Polt is a tool designed to streamline the process of archiving data from Aurora MySQL tables. It offers efficient and safe data transfer to various destinations, including another table in the same database, AWS S3, or permanent deletion (aka sending data to /dev/null).
- MySQL 8.0
The primary license for polt is Apache 2.0, however some files are licensed under MPL 2.0 (as indicated in their SPDX headers).
See DEVELOPMENT.md for instructions on how to run tests with dbdeployer or docker.
Polt moves data in 2 modes.
- Stage
- Moves data from source table to an internal staging table in the same database.
- Archive
- Moves data from staging table to final destination.
Every archive operation will run the 2 modes serially to move the data to final destination.
As stated above archive mode doesn't cause any load on original source table as it only works on staging table.
Currently, Polt supports table and S3 archive destinations. For S3 files are written in parquet format using SNAPPY compression.
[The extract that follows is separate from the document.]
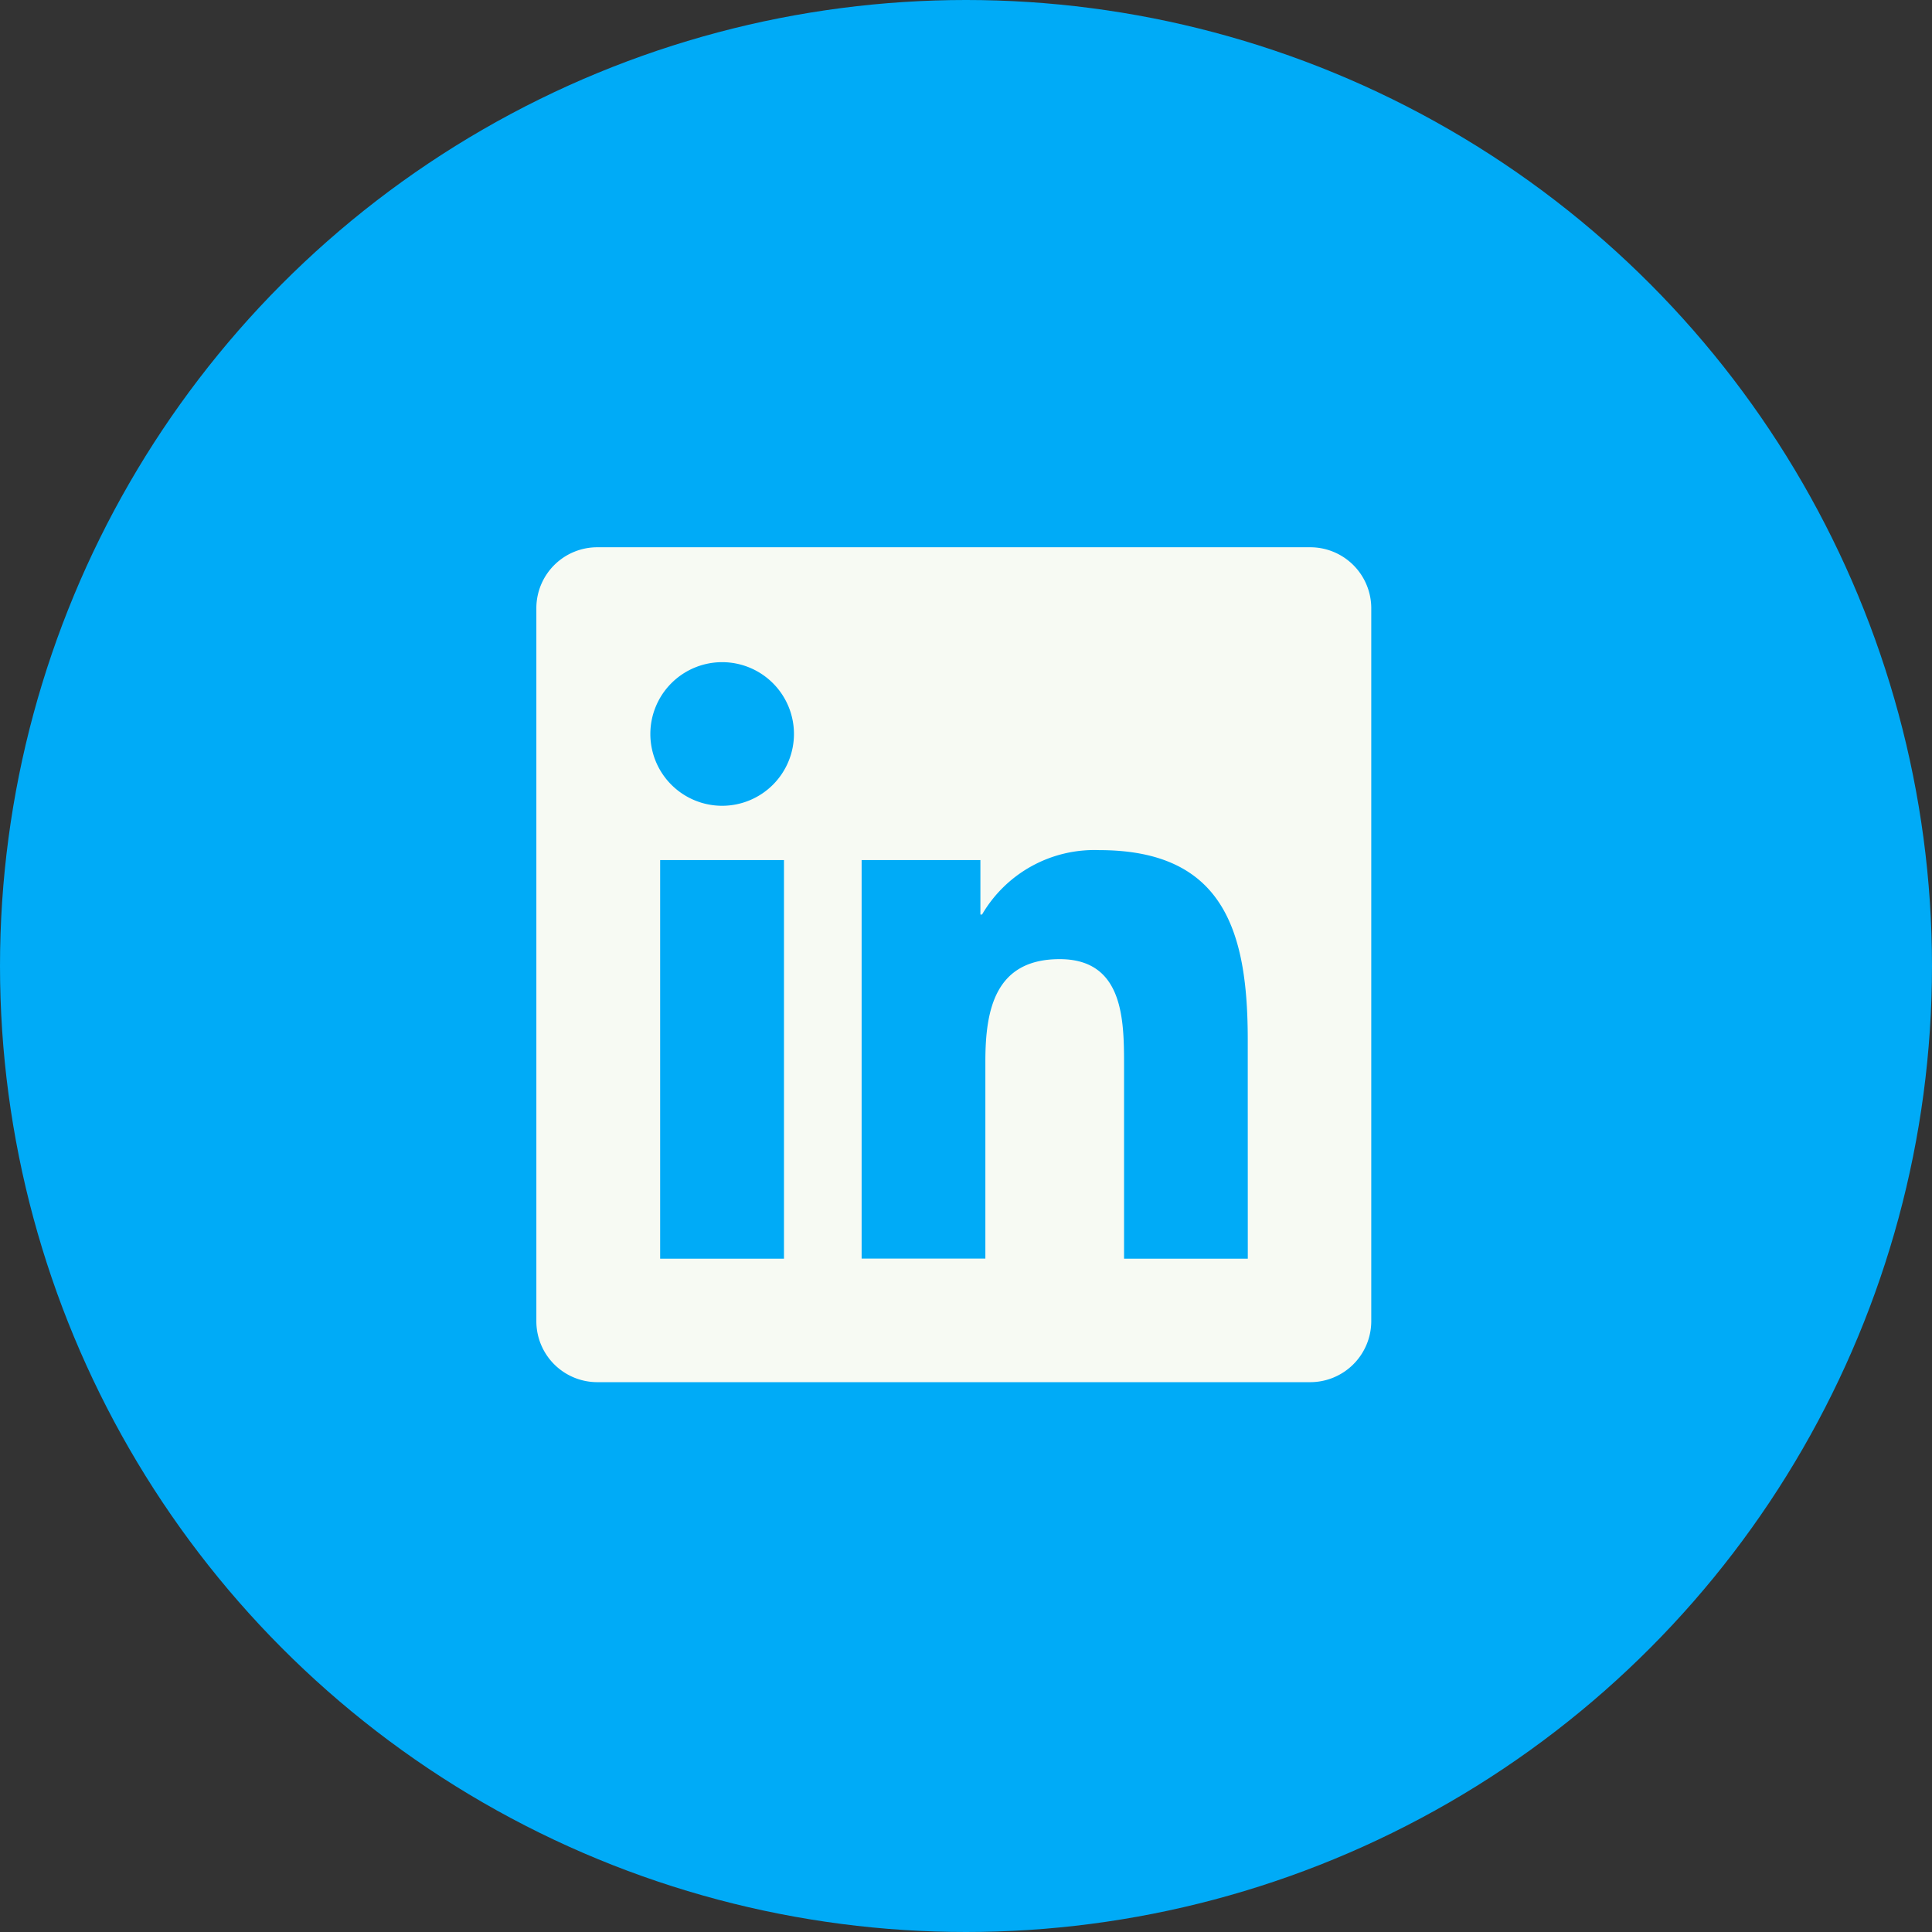 <?xml version="1.0" encoding="UTF-8"?> <svg xmlns="http://www.w3.org/2000/svg" width="42" height="42" viewBox="0 0 42 42"><rect x="0" y="0" width="42" height="42" fill="#333333" stroke="none"/><g id="Group_783" data-name="Group 783" transform="translate(8502 806.285)"><circle id="Ellipse_18" data-name="Ellipse 18" cx="21" cy="21" r="21" transform="translate(-8502 -806.285)" fill="#00abf7"></circle><path id="linkedin" d="M20.807,4H5.339A1.325,1.325,0,0,0,4,5.308V20.84a1.325,1.325,0,0,0,1.339,1.31H20.807a1.328,1.328,0,0,0,1.343-1.31V5.308A1.327,1.327,0,0,0,20.807,4ZM9.383,19.466H6.691V10.8H9.383ZM8.038,9.62A1.561,1.561,0,1,1,9.6,8.059h0A1.562,1.562,0,0,1,8.038,9.62Zm11.428,9.846h-2.69V15.254c0-1-.019-2.3-1.4-2.3-1.4,0-1.615,1.094-1.615,2.224v4.285h-2.69V10.8h2.582v1.184h.036a2.826,2.826,0,0,1,2.547-1.4c2.726,0,3.229,1.794,3.229,4.126Z" transform="translate(-8494.34 -798.388)" fill="#f7faf3"></path></g></svg>

For more details about parquet format , see Parquet File Format and more explanation
- IAM role with S3 write access should have the below policy permissions.
statement {
effect = "Allow"
actions = [
"s3:PutObject",
]
resources = [
"arn:aws:s3:::{bucket}/*",
]
}
statement {
effect = "Allow"
actions = [
"kms:GenerateDataKey",
]
resources = [
"{bucket_kms_key_arn}",
]
}- S3 bucket destination path should be in the format of
{bucket}/{prefix}ors3://{bucket}/{prefix}. For example,my-bucket/prefix/. - Currently, Polt only supports S3 archive destination with parquet format. There is no official support for directly writing to Iceberg tables in S3 yet.
- If the S3 archive job fails, it is resumable , but there might be some data duplication in the destination due to the nature of chunking and the checkpointing mechanism. Future versions may address this issue. But until then you can refer to this example Glue(spark) job to remove duplicates from parquet files and insert to iceberg table. Remove Duplicates from Parquet Files
- Relies on mysql-client-driver for connecting to MySQL databases.
- Relies on Spirit for chunking the data that needs to be archived and also for many other utilities related to db connection, loading table metadata etc.